[Task directions]: Your answer should repeat every line of the records below in which the word "substation" appears.

Collection entries:
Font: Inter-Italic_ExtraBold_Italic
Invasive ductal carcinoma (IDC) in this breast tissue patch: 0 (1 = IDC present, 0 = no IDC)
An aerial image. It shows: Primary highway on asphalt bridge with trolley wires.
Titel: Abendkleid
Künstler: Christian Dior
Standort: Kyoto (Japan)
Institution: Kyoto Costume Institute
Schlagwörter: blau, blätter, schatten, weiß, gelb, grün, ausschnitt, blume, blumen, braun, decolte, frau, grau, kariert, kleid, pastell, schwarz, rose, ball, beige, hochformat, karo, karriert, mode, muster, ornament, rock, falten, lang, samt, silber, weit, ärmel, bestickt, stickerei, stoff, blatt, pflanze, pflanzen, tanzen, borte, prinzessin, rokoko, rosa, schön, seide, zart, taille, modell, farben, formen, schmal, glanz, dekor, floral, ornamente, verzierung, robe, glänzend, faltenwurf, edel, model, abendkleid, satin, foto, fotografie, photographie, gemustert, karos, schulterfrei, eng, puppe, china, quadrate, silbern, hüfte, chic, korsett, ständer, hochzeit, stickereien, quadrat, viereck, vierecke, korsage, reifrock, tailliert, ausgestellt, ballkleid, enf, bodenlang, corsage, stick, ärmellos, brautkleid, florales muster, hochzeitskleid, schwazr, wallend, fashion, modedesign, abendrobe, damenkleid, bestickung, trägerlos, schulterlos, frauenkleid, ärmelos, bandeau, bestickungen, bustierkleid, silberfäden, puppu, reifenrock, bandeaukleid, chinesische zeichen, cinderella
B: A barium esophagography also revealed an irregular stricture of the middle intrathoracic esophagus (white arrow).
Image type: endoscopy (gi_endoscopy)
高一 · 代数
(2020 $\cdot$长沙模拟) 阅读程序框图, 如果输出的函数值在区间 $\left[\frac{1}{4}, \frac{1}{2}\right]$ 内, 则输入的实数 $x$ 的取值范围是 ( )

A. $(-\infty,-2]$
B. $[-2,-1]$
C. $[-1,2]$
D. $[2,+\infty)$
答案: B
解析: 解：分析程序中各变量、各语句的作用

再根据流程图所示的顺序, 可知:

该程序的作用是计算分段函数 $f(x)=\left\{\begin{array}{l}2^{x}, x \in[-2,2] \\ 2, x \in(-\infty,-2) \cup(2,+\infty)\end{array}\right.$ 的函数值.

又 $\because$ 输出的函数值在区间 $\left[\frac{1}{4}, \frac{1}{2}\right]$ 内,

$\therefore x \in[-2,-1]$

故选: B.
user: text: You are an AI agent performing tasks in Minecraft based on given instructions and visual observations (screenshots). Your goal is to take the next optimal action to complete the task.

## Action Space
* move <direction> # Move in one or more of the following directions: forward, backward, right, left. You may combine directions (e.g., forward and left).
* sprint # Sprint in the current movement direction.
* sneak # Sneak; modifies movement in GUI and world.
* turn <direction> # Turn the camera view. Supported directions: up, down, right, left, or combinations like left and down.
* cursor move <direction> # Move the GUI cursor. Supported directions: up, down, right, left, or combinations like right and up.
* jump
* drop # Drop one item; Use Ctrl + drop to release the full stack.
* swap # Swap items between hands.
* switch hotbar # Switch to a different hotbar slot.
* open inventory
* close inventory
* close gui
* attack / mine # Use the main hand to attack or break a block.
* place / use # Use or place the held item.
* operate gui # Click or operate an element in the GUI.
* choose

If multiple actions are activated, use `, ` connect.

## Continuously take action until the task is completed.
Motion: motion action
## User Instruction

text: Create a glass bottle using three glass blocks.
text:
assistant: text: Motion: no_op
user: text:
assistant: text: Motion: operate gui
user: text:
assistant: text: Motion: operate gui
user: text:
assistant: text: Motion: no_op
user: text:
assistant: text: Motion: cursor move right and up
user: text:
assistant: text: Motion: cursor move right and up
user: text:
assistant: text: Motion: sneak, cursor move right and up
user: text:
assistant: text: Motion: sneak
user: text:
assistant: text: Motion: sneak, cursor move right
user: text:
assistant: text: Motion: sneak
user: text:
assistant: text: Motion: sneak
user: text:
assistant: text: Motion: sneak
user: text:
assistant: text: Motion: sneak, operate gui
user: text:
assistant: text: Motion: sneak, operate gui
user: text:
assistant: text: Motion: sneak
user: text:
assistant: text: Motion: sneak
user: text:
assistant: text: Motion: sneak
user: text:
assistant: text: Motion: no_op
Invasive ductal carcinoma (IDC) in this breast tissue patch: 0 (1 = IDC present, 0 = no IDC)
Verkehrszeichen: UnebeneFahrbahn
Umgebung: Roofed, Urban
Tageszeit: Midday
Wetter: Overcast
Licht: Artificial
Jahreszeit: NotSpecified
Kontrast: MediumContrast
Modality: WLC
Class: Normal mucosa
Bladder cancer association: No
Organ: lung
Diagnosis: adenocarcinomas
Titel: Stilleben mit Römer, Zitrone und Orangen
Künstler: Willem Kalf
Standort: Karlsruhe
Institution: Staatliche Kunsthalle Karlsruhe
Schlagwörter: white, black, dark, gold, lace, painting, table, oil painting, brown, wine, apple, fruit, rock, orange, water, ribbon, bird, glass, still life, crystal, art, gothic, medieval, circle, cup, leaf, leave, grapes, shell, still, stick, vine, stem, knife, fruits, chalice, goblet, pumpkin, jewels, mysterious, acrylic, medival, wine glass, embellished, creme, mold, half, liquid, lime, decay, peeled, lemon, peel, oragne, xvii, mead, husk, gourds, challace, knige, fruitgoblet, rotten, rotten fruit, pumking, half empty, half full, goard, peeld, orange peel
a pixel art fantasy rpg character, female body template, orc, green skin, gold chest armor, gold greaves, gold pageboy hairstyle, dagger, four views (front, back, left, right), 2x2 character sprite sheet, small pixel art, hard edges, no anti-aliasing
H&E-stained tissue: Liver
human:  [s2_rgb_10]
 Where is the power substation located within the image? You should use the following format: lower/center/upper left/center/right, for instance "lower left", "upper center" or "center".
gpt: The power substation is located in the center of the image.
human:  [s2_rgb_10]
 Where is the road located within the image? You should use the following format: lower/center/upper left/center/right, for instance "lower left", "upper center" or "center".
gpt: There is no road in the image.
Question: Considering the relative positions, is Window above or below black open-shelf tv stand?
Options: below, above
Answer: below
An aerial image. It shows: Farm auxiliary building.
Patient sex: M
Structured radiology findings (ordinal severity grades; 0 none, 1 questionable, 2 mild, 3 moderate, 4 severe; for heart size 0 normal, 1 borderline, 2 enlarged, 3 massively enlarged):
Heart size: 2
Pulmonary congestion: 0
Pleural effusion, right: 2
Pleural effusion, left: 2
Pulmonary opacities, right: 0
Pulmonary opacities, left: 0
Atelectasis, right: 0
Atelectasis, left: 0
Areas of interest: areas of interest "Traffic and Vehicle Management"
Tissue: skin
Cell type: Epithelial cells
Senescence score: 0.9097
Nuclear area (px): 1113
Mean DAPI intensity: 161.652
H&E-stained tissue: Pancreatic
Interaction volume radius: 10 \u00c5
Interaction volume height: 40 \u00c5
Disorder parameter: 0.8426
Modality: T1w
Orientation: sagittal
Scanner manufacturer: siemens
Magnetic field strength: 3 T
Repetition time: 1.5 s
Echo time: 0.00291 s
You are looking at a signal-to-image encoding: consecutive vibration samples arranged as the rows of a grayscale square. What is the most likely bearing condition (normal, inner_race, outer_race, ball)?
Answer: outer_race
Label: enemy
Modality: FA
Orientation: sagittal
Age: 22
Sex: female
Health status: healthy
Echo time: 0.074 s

[Task output]:
 Where is the power substation located within the image? You should use the following format: lower/center/upper left/center/right, for instance "lower left", "upper center" or "center".
gpt: The power substation is located in the center of the image.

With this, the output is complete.